From the Guidelines
Referral to urology is not necessary for this 64-year-old man with an incidentally discovered 0.5 cm non-obstructing kidney stone in the lower pole of the right kidney. Small kidney stones less than 1 cm that are not causing symptoms or obstruction can typically be managed conservatively with observation and increased fluid intake. The patient should be advised to drink at least 2-3 liters of water daily to promote stone passage and prevent new stone formation.
Key Considerations
- Dietary modifications may also help, including limiting sodium intake to less than 2,300 mg daily, reducing animal protein consumption, and maintaining normal calcium intake (about 1,000-1,200 mg daily) from food sources.
- The patient should be monitored with follow-up imaging in 6-12 months to assess for stone growth or development of new stones.

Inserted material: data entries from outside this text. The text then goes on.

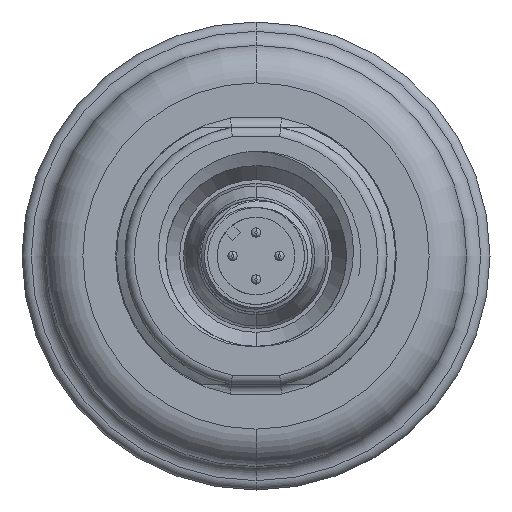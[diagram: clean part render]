
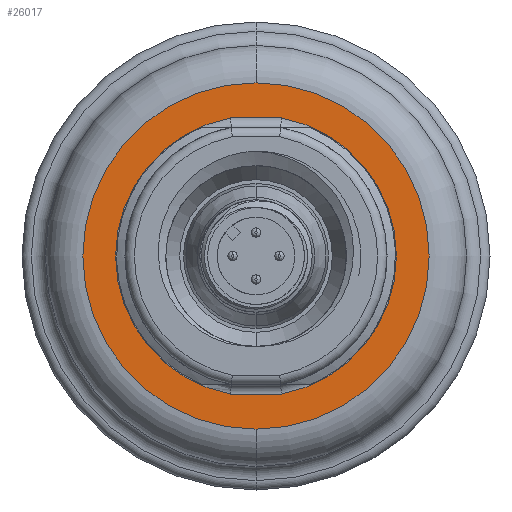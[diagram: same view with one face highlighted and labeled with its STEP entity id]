
A CAD part, front view. The second image highlights one B-rep face of the part: STEP entity #26017.
In plain terms, the highlighted planar face has unit normal (0, -1, 0).
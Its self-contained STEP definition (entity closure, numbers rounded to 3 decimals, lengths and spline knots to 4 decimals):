
#2043=CARTESIAN_POINT('',(0.,-0.1181,0.));
#2044=DIRECTION('',(0.,-1.,0.));
#2045=DIRECTION('',(0.,0.,-1.));
#2046=AXIS2_PLACEMENT_3D('',#2043,#2044,#2045);
#2048=CARTESIAN_POINT('',(0.,-0.1181,0.));
#2049=DIRECTION('',(0.,-1.,0.));
#2050=DIRECTION('',(0.,0.,1.));
#2051=AXIS2_PLACEMENT_3D('',#2048,#2049,#2050);
#2053=CARTESIAN_POINT('',(0.,-0.1181,0.));
#2054=DIRECTION('',(0.,-1.,0.));
#2055=DIRECTION('',(-0.182,0.,0.983));
#2056=AXIS2_PLACEMENT_3D('',#2053,#2054,#2055);
#2058=DIRECTION('',(1.,0.,0.));
#2059=VECTOR('',#2058,0.2147);
#2060=CARTESIAN_POINT('',(-0.1074,-0.1181,
-0.5807));
#2061=LINE('',#2060,#2059);
#2062=CARTESIAN_POINT('',(0.,-0.1181,0.));
#2063=DIRECTION('',(0.,-1.,0.));
#2064=DIRECTION('',(0.182,0.,-0.983));
#2065=AXIS2_PLACEMENT_3D('',#2062,#2063,#2064);
#2067=DIRECTION('',(-1.,0.,0.));
#2068=VECTOR('',#2067,0.2147);
#2069=CARTESIAN_POINT('',(0.1074,-0.1181,
0.5807));
#2070=LINE('',#2069,#2068);
#22076=CARTESIAN_POINT('',(-0.1074,-0.1181,
0.5807));
#22077=CARTESIAN_POINT('',(-0.1074,-0.1181,
-0.5807));
#22078=VERTEX_POINT('',#22076);
#22079=VERTEX_POINT('',#22077);
#22084=CARTESIAN_POINT('',(0.1074,-0.1181,
-0.5807));
#22085=CARTESIAN_POINT('',(0.1074,-0.1181,
0.5807));
#22086=VERTEX_POINT('',#22084);
#22087=VERTEX_POINT('',#22085);
#22428=CARTESIAN_POINT('',(0.,-0.1181,-0.7283));
#22429=CARTESIAN_POINT('',(0.,-0.1181,0.7283));
#22430=VERTEX_POINT('',#22428);
#22431=VERTEX_POINT('',#22429);
#25997=CARTESIAN_POINT('',(0.,-0.1181,0.));
#25998=DIRECTION('',(0.,-1.,0.));
#25999=DIRECTION('',(0.,0.,1.));
#26000=AXIS2_PLACEMENT_3D('',#25997,#25998,#25999);
#26001=PLANE('',#26000);
#26003=ORIENTED_EDGE('',*,*,#26002,.F.);
#26005=ORIENTED_EDGE('',*,*,#26004,.F.);
#26006=EDGE_LOOP('',(#26003,#26005));
#26007=FACE_OUTER_BOUND('',#26006,.F.);
#26009=ORIENTED_EDGE('',*,*,#26008,.T.);
#26011=ORIENTED_EDGE('',*,*,#26010,.T.);
#26012=ORIENTED_EDGE('',*,*,#25987,.T.);
#26014=ORIENTED_EDGE('',*,*,#26013,.T.);
#26015=EDGE_LOOP('',(#26009,#26011,#26012,#26014));
#26016=FACE_BOUND('',#26015,.F.);
#26017=ADVANCED_FACE('',(#26007,#26016),#26001,.T.);
#2047=CIRCLE('',#2046,0.7283);
#2052=CIRCLE('',#2051,0.7283);
#2057=CIRCLE('',#2056,0.5906);
#2066=CIRCLE('',#2065,0.5906);
#25987=EDGE_CURVE('',#22086,#22087,#2066,.T.);
#26002=EDGE_CURVE('',#22430,#22431,#2047,.T.);
#26004=EDGE_CURVE('',#22431,#22430,#2052,.T.);
#26008=EDGE_CURVE('',#22078,#22079,#2057,.T.);
#26010=EDGE_CURVE('',#22079,#22086,#2061,.T.);
#26013=EDGE_CURVE('',#22087,#22078,#2070,.T.);

- If the patient develops symptoms such as severe flank pain, blood in urine, fever, or signs of urinary tract infection, prompt medical attention should be sought, and referral to urology would then be appropriate. As noted in the 2007 guideline for the management of ureteral calculi 1, for ureteral stones <10 mm, observation with periodic evaluation is an option for initial treatment, which can be applied to small, asymptomatic kidney stones as well. The conservative approach is justified because small, asymptomatic lower pole stones have a low likelihood of causing complications and often remain stable or pass spontaneously without intervention.
From the Research
Patient Characteristics
- The patient is a 64-year-old man with a non-obstructing lithiasis in the lower pole of the right kidney, measuring 0.5 cm in diameter.
Treatment Options
- According to the study 2, most asymptomatic non-obstructing renal calculi remain asymptomatic, and less than 30% cause renal colic.
- The study 3 suggests that small non-obstructing calyceal stones can cause pain, and treatment with ureteroscopy can relieve this pain.
- The study 4 compares retrograde intrarenal surgery (RIRS) and extracorporeal shock wave lithotripsy (ESWL) for lower pole kidney stones up to 15 mm, and found that RIRS has the same results as ESWL in terms of stone-free rate, but is superior in terms of absence of clinically significant residual fragments.
Referral to Urology
- Based on the study 2, the patient's stone size and location (lower pole) suggest a low risk of symptoms or spontaneous passage, and active surveillance may be a suitable management option.
- However, the study 3 suggests that even small non-obstructing stones can cause pain, and the patient's age and overall health should be taken into account when deciding on referral to urology.
- The American Urological Association (AUA) guidelines recommend that patients with asymptomatic kidney stones be referred to urology if they have a stone larger than 1 cm, or if they have a history of stone-related symptoms or complications 2, 4.
Decision
- Given the patient's stone size (0.5 cm) and location (lower pole), and the low risk of symptoms or spontaneous passage, referral to urology may not be immediately necessary.
- However, the patient's age and overall health should be taken into account, and regular follow-up imaging may be recommended to monitor the stone and prevent potential complications 2, 4.